Collected data
[Start of section]

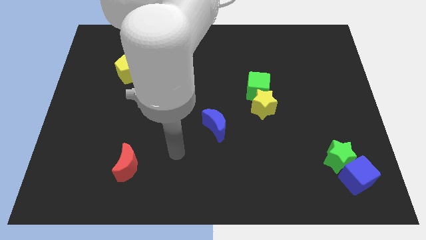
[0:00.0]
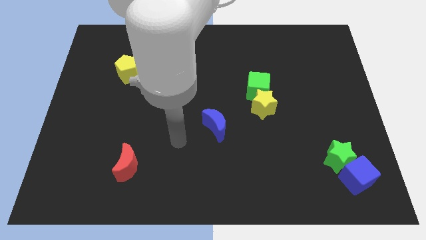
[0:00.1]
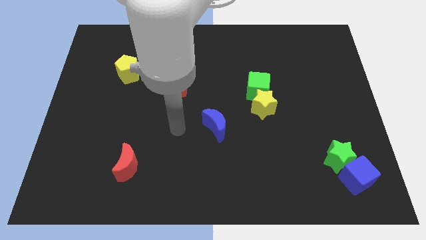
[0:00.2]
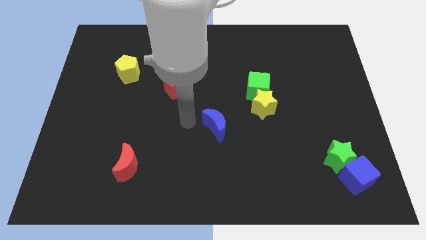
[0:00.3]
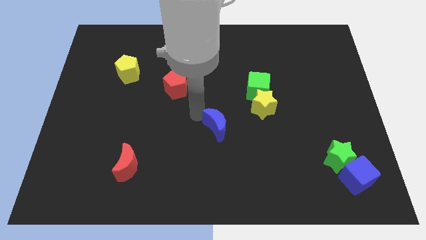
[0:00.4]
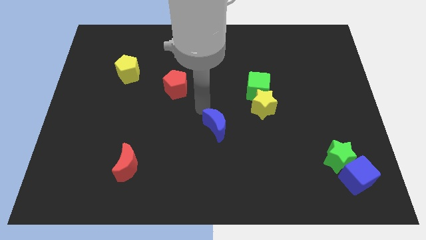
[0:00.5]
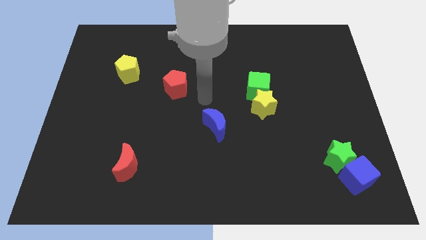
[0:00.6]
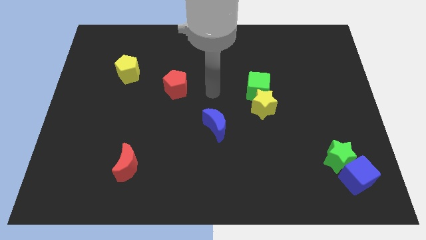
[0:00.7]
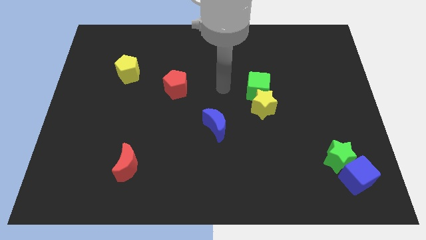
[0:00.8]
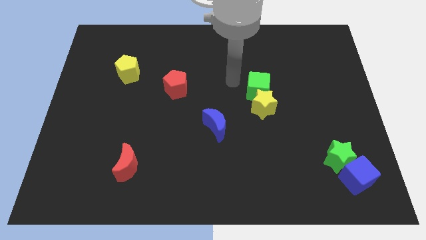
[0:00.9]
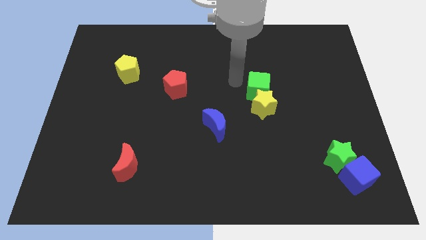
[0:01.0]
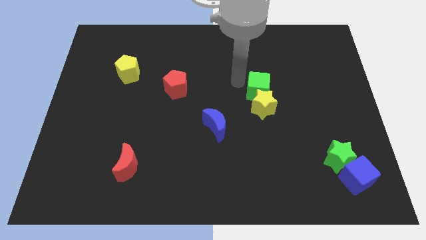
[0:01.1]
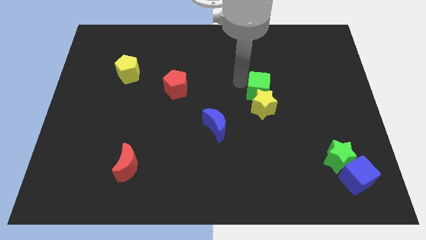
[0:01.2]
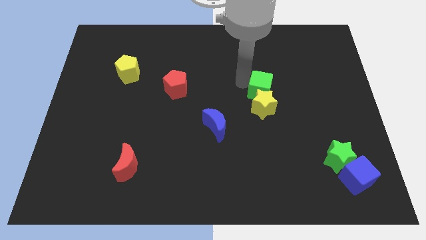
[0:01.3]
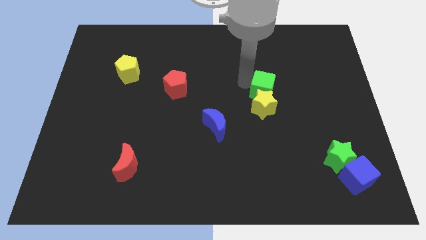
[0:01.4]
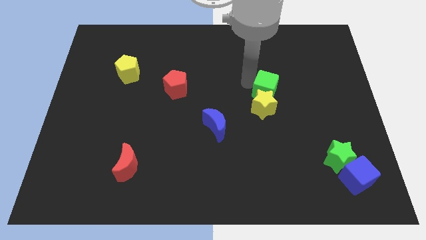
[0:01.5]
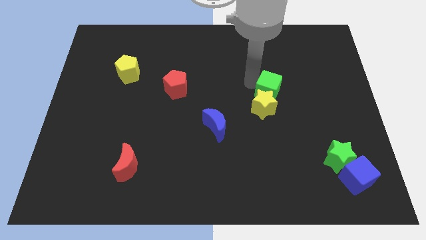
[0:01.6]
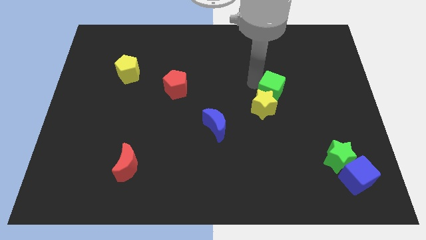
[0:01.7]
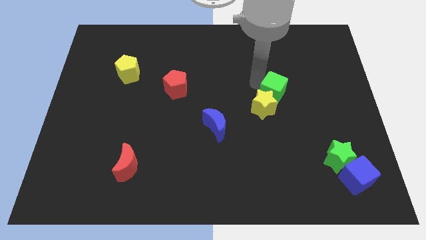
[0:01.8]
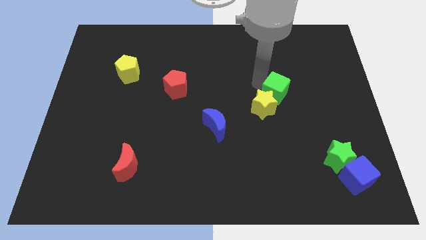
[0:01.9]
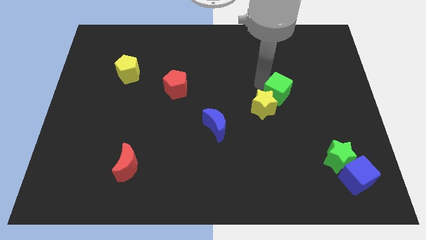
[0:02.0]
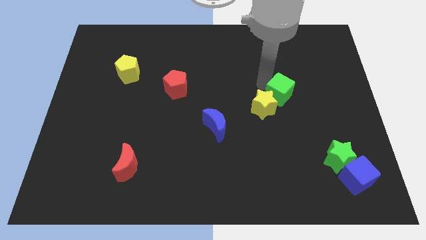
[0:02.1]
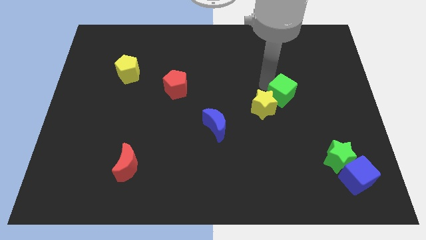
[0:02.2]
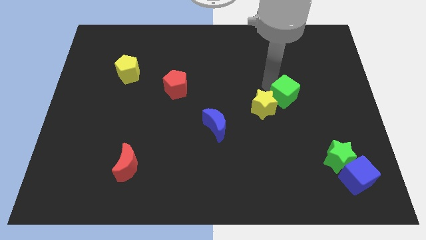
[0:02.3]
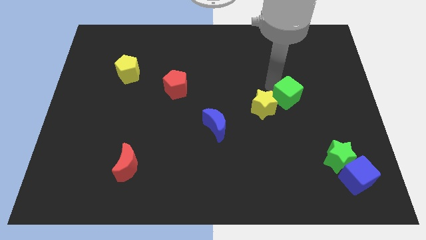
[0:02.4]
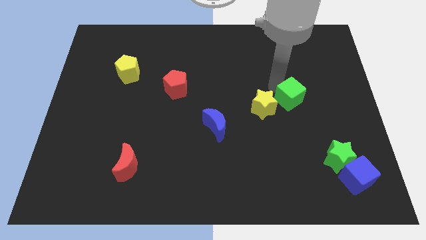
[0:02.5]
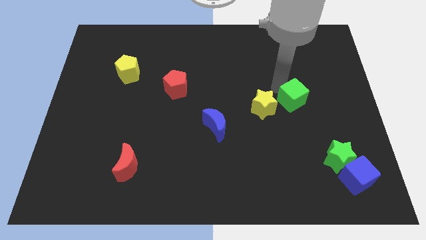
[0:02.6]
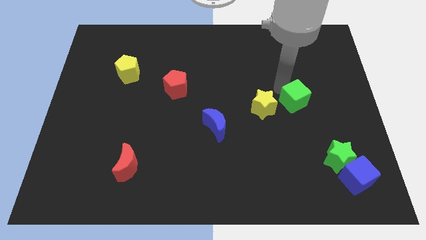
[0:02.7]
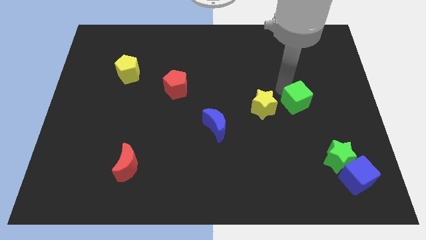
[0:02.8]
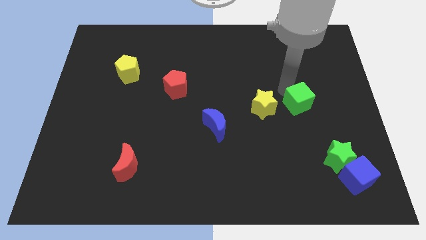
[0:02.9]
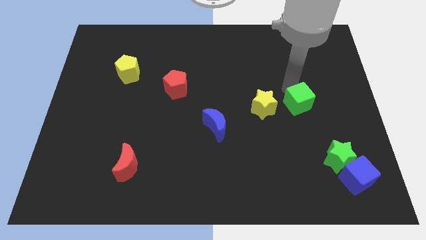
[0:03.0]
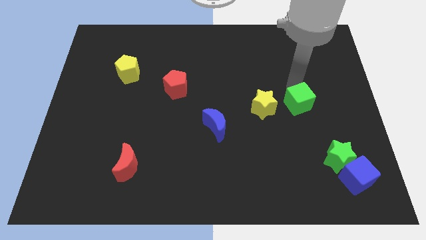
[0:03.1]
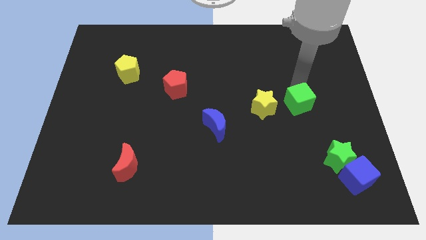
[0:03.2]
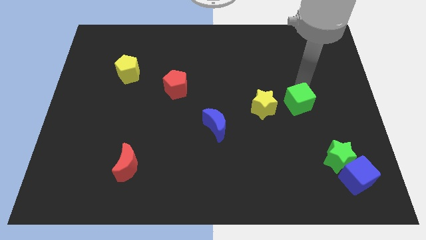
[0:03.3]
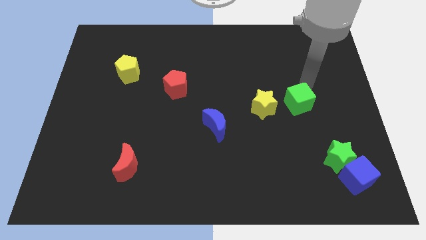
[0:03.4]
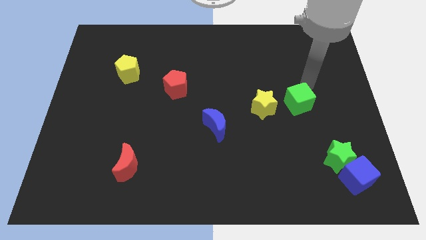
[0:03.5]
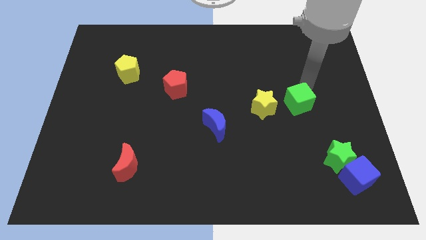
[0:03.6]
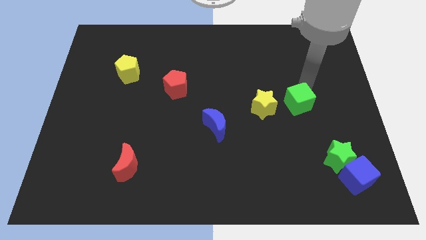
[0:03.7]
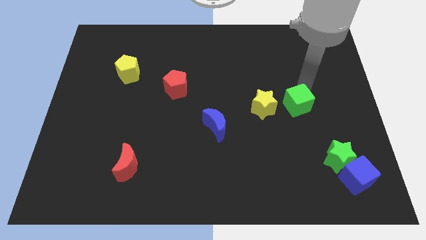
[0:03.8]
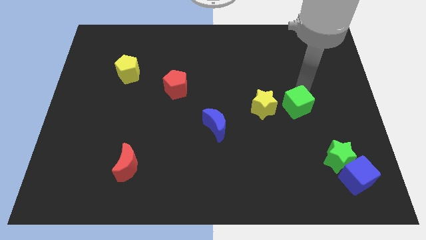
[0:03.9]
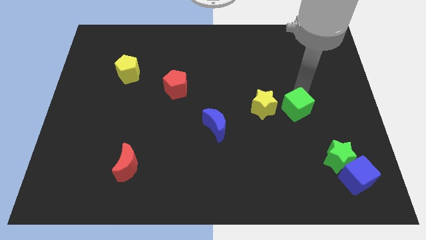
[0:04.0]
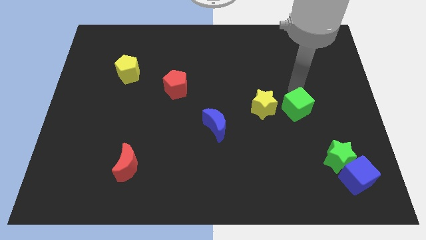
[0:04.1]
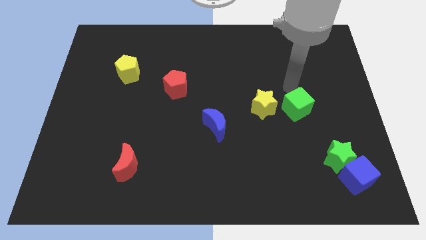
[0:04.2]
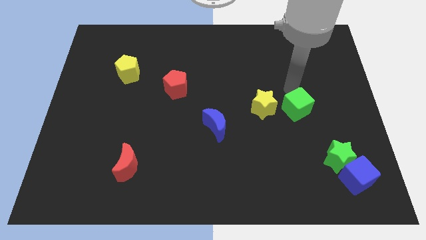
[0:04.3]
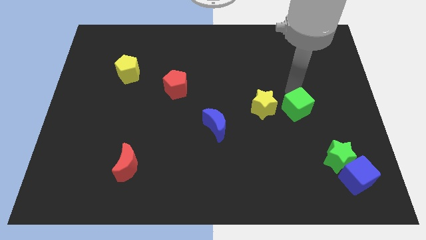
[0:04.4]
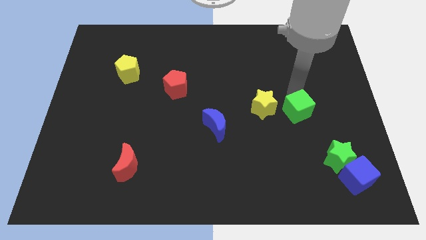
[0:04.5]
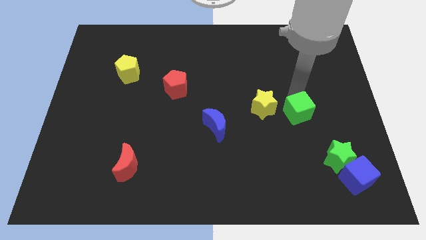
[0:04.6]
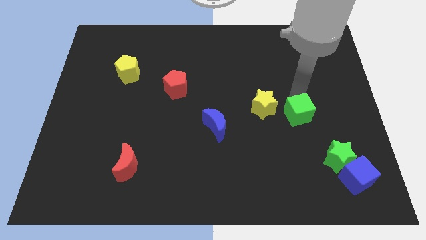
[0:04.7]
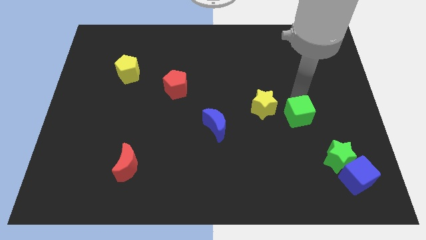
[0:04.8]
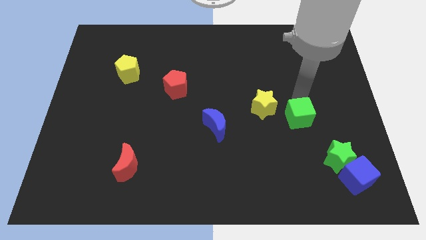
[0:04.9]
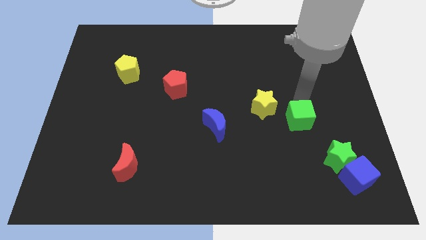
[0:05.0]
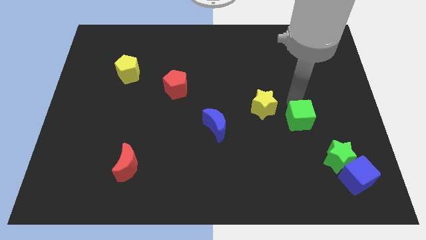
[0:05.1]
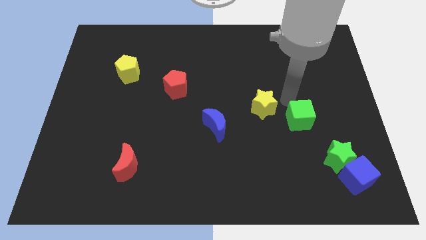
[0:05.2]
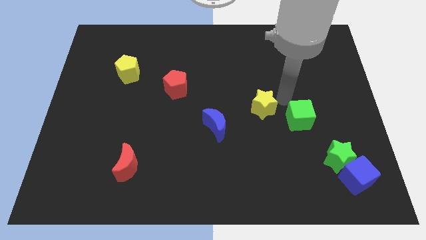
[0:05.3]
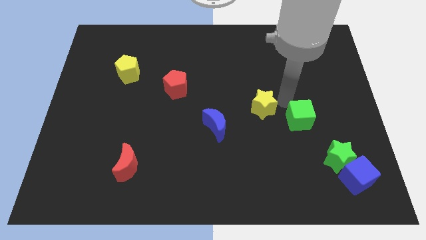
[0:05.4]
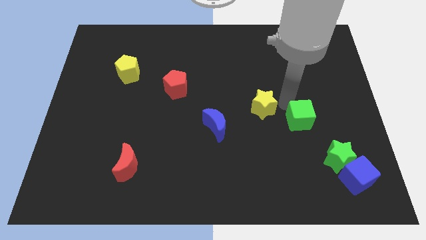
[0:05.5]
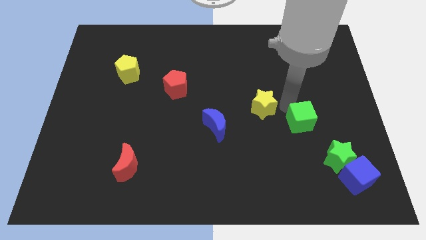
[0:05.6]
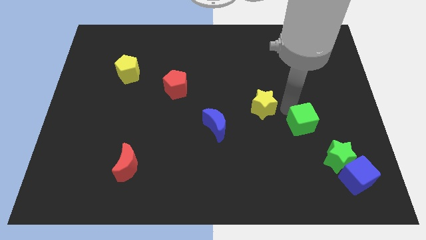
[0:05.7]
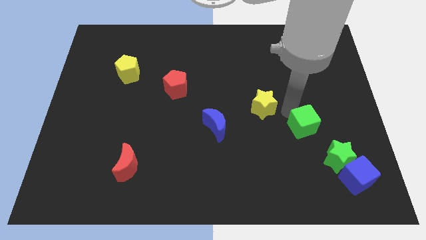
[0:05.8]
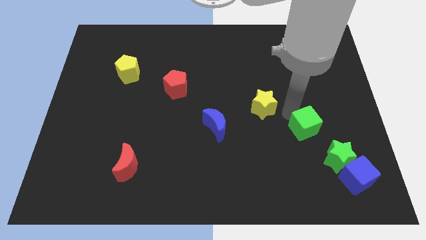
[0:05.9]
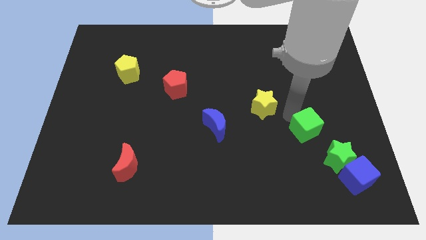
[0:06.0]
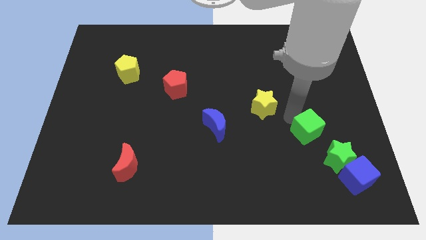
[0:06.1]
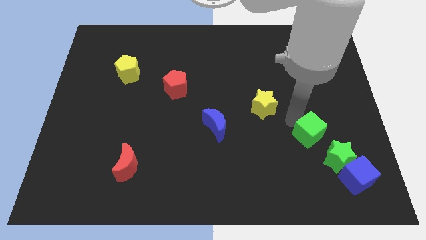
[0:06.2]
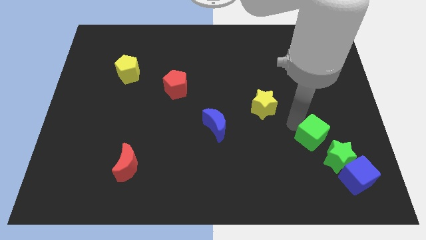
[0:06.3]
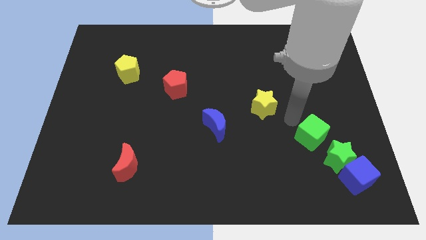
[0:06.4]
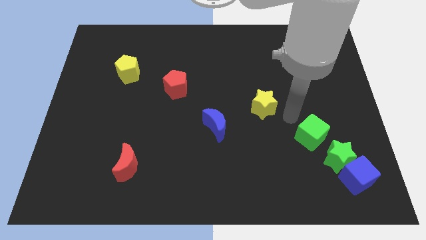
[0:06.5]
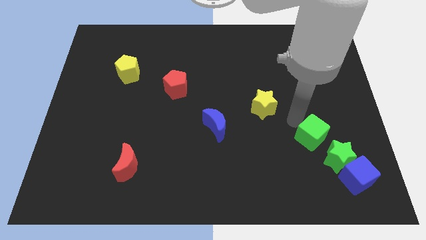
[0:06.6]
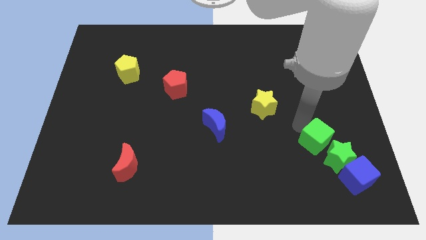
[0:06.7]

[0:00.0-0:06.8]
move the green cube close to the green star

[End of section]

[Assignment]: Word for word, return the records shown above without their pictures.

[Output for this task]:
[0:00.0]
[0:00.1]
[0:00.2]
[0:00.3]
[0:00.4]
[0:00.5]
[0:00.6]
[0:00.7]
[0:00.8]
[0:00.9]
[0:01.0]
[0:01.1]
[0:01.2]
[0:01.3]
[0:01.4]
[0:01.5]
[0:01.6]
[0:01.7]
[0:01.8]
[0:01.9]
[0:02.0]
[0:02.1]
[0:02.2]
[0:02.3]
[0:02.4]
[0:02.5]
[0:02.6]
[0:02.7]
[0:02.8]
[0:02.9]
[0:03.0]
[0:03.1]
[0:03.2]
[0:03.3]
[0:03.4]
[0:03.5]
[0:03.6]
[0:03.7]
[0:03.8]
[0:03.9]
[0:04.0]
[0:04.1]
[0:04.2]
[0:04.3]
[0:04.4]
[0:04.5]
[0:04.6]
[0:04.7]
[0:04.8]
[0:04.9]
[0:05.0]
[0:05.1]
[0:05.2]
[0:05.3]
[0:05.4]
[0:05.5]
[0:05.6]
[0:05.7]
[0:05.8]
[0:05.9]
[0:06.0]
[0:06.1]
[0:06.2]
[0:06.3]
[0:06.4]
[0:06.5]
[0:06.6]
[0:06.7]

[0:00.0-0:06.8]
move the green cube close to the green star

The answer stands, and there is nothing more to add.